In ancient Israel, a bride who is not divorced or widowed1 was supposed be a virgin at her wedding. What if the groom accused her the next morning of not being a virgin? Or what if an unmarried virgin was raped?

This week’s Torah portion, Ki Teitzei (Deuteronomy/Devarim 21:10-25:19), provides rules for dealing with these situations.

A spiteful groom

If a man takes a wife and comes into her, and then he hates her, and he places a charge of wantonness on her, speaking out against her [giving her] a bad name, and says: “This woman I married, I approached her and I did not find betulim in her!”— (Deuteronomy 22:13-14)

betulim (בְּתוּלִים) = virginity.

In this example, the man claims publicly that his new bride did not bleed when he had intercourse with her on their wedding night; therefore she must have wantonly lost her virginity to someone else after they were betrothed but before the wedding night. A woman was considered betrothed once the marriage contract was written and the bride-price was paid to her father. After that, if she had sex with anyone else it counted as adultery.

If the husband’s accusation is accepted as true, the bride is guilty of a capital offense, and the bride’s parents are shamed, since she was supposed to be under their control while she was living under their roof.

Then the father of the na-arah, and her mother, take and bring out the betulim of the young woman to the elders of the town at its gate. (Deuteronomy 22:15)

Na-arah (נַעֲרָה orנַעֲרָ) = a female human during the years between puberty and marriage. (Na-arah overlaps, but is not the same as “teenage girl”; girls in ancient Israel were often married in their early teens.)

What do her parents bring out to the elders? Commentators from the Talmud (5th century C.E.) to Rabbi Samson Raphael Hirsch (19th century) declared that the groom would bring witnesses to the town gate to support his claim that the bride was not a virgin.

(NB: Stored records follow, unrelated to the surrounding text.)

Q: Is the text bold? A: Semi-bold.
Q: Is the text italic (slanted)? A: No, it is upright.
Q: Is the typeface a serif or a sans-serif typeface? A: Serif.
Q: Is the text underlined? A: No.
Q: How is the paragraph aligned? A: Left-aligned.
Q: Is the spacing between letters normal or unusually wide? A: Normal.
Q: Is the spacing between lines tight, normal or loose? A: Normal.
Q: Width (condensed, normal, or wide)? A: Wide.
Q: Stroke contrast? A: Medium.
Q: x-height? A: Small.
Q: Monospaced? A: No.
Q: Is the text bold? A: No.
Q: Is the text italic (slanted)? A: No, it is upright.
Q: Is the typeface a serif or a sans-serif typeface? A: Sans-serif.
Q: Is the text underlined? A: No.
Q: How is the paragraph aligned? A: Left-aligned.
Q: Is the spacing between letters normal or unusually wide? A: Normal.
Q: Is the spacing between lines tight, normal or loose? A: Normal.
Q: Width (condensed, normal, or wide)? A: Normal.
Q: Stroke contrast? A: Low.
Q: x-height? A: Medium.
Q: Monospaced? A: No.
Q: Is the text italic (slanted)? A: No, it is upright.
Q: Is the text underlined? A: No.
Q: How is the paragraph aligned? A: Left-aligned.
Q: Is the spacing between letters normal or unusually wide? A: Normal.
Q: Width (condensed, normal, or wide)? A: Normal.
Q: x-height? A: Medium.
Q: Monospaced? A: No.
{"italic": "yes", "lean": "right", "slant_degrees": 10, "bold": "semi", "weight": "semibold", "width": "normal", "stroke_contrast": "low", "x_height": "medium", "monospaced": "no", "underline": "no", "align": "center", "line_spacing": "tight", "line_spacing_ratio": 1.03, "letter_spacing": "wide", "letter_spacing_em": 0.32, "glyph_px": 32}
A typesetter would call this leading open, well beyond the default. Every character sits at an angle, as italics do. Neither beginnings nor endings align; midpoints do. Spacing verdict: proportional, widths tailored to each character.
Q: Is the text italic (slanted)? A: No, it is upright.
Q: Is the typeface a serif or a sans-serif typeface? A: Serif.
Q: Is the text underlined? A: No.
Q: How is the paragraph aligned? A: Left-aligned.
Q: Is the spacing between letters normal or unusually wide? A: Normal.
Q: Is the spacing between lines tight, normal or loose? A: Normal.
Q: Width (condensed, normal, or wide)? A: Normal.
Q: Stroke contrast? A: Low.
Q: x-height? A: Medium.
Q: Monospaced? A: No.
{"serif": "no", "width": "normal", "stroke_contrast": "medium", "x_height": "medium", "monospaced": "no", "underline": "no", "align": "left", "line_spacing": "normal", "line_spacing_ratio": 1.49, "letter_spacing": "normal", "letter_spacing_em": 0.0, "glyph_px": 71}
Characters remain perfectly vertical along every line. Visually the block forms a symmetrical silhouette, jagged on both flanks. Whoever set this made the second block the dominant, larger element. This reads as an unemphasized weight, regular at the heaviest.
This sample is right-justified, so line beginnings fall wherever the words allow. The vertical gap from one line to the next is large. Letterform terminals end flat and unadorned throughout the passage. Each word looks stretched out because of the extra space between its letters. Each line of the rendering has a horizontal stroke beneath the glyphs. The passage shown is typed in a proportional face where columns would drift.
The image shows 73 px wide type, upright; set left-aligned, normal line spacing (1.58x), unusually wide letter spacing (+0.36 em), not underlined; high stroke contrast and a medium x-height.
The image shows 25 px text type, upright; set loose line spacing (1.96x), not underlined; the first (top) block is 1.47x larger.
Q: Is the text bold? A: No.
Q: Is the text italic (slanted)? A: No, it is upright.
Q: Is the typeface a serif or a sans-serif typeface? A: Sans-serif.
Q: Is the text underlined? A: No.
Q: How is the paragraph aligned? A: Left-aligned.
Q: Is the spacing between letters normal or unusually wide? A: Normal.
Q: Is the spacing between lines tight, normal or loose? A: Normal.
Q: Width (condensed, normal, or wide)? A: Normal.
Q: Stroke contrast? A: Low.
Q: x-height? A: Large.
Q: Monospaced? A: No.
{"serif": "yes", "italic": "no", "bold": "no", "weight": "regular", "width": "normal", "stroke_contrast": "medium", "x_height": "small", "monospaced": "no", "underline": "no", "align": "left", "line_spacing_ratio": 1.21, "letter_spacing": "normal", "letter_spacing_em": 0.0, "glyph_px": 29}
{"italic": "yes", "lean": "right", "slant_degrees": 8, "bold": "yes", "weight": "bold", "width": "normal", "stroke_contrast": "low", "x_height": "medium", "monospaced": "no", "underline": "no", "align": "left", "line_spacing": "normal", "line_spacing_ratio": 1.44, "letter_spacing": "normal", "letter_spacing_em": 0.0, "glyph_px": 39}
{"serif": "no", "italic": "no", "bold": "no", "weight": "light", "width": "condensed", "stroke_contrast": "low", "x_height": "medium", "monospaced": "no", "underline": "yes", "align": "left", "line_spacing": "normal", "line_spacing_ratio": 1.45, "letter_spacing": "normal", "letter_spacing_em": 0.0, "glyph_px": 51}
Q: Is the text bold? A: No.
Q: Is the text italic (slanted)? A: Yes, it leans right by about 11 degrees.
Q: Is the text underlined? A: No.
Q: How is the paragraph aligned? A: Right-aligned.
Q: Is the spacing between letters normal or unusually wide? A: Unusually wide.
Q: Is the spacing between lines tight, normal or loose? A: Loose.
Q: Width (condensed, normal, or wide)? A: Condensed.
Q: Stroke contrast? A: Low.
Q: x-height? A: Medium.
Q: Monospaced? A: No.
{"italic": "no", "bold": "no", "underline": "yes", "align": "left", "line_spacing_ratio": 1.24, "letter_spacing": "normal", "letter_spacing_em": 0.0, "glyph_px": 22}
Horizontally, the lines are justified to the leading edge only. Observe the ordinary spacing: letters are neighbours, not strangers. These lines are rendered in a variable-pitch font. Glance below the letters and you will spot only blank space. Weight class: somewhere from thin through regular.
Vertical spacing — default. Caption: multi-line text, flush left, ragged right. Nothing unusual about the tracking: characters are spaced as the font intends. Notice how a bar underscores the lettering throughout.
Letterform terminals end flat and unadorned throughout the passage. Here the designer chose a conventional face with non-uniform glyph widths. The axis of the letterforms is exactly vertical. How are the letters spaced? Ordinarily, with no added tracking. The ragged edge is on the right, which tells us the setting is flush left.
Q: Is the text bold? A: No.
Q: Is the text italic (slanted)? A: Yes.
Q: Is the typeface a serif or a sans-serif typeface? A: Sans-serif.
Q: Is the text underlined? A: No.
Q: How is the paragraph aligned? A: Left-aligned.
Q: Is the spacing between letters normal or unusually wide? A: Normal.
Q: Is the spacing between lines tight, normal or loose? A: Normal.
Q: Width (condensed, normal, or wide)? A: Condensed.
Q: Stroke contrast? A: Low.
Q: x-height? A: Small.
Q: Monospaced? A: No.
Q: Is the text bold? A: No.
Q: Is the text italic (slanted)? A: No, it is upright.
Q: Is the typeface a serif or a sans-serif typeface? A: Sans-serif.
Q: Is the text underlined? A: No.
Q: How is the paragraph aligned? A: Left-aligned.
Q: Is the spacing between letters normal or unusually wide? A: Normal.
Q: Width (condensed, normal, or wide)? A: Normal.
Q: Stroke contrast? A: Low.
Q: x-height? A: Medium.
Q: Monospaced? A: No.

Her parents would “take and bring” witnesses who would disprove the testimony of the groom’s witnesses. After all, the previous Torah portion, Shoftim, states that an accusation must be corroborated by at least two witnesses before a death sentence can be decreed.2

But how could witnesses observe either the consummation of the marriage, or any previous illicit sex act? Both acts would be done in private. Furthermore, the example in this week’s Torah portion refers to a different form of evidence. The bride’s father says to the elders in the gate:

Deuteronomy 22:17, King James Bible illustration

“But these are the betulim of my daughter!” And he will spread out the simlah before the elders of the town. (Deuteronomy 22:17)

simlah (שִׂמְלָה) = garment, wrapper, cloth.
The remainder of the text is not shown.